Fear is the opposite of love. It motivates you to do all sorts of negative things that are not loving to yourself or others. The greater the fear of harm to yourself, the more you will lash out at anyone who happens to be near you. Think of an animal – when in fear, the instinctive response is to bite or attack. I have a beautiful old cat named Mama Kitty. She is very docile in her natural, relaxed state. But she has a fear problem – she’s a little bit neurotic because when she was young, a little boy had a tendency to tease her a bit, and she accidentally got her tail caught in a closing door a long, long time ago.

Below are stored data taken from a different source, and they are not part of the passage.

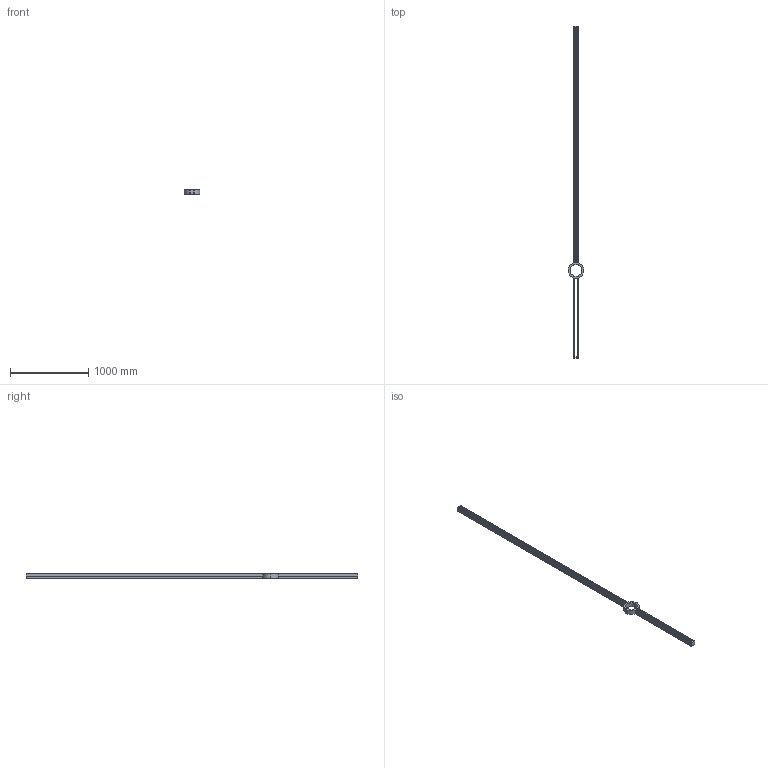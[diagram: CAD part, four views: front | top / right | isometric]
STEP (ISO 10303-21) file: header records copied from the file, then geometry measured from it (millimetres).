
FILE_DESCRIPTION(('CATIA V5 STEP Exchange'),'2;1');
FILE_NAME('link 2.stp','2020-07-04T08:47:38+00:00',('none'),('none'),'CATIA Version 5 Release 20 GA (IN-10)','CATIA V5 STEP AP203','none');
FILE_SCHEMA(('CONFIG_CONTROL_DESIGN'));
Length unit declared in the file: millimetre
Products named in the file (1): Part76
Bounding box: 200 x 4230 x 60 mm (x, y, z)
Volume: 3228869.6 mm3; surface area: 1465601.9 mm2
Topology: 1 solids, 1 shells, 46 faces, 132 edges, 88 vertices
Faces by surface type: plane 38, cylinder 8
Entity records: 1400 total; most frequent: ORIENTED_EDGE 264, CARTESIAN_POINT 241, DIRECTION 172, EDGE_CURVE 132, VECTOR 108, LINE 108, VERTEX_POINT 88, EDGE_LOOP 52

Because she is extra protective of her old wound, she is nervous about people coming up behind her and catching her off guard, and she does not like the other family animals at all. You always know when Mama Kitty is afraid, because she will meow loudly and hiss, or even attack the dog or our other cat if they get too close. She will always be like this, she will never change. But we love her anyway, and we are always careful to be gentle with her or let her know when we’re approaching, whenever we can. Mama Kitty has found it easier on her nerves to live in our large backyard where there are many nooks and crannies in which she can nap.

Do you know any people like this? Maybe you are a victim of your own fear. I know that I have done some unusual things out of fear. Once, when I was going through a really rough patch in my life, I had begun to isolate myself from others. I stayed home most of the time, never answered the phone and never called anyone. I was out in the garage working one day; I was wearing ratty old work clothes, no makeup, and my hair was a rat’s nest to match. A few of Darin’s friends showed up unannounced. Bless their hearts, they didn’t mean anything by it, they were in the area and just wanted to say hello to Darin. When they pulled up in the driveway on their motorcycles and hopped off, I leapt out of my chair and screamed, “Don’t look at me!” and ran into the house, never showing my face again until after they left.

That was not one of my better moments.

There are all kinds of fear in us. Observe your own bad behaviors and see how you can trace them back to a fear. My fear was to be seen a certain way. I blamed it on my clothing and my bad grooming, but I was actually fearful of someone seeing inside my heart. I was fearful of being hurt and rejected. I was afraid that I would not be accepted. My fears are exacerbated by my wounds. Like a wounded animal, I lash out to protect myself from being hurt further.

Trace your anger directly back to your wound. If you don’t know what your wound is, you can follow your anger back like a trail of crumbs to the source.

But we are forgiven, forgiven of all our of weaknesses. And unlike Mama Kitty, I am able to overcome my knee-jerk reactions to fear. In fact, fear itself can be eliminated from my heart with God’s help. If we stay stuck in our fears and old wounds, we are no better than animals. Become fully human by growing and healing.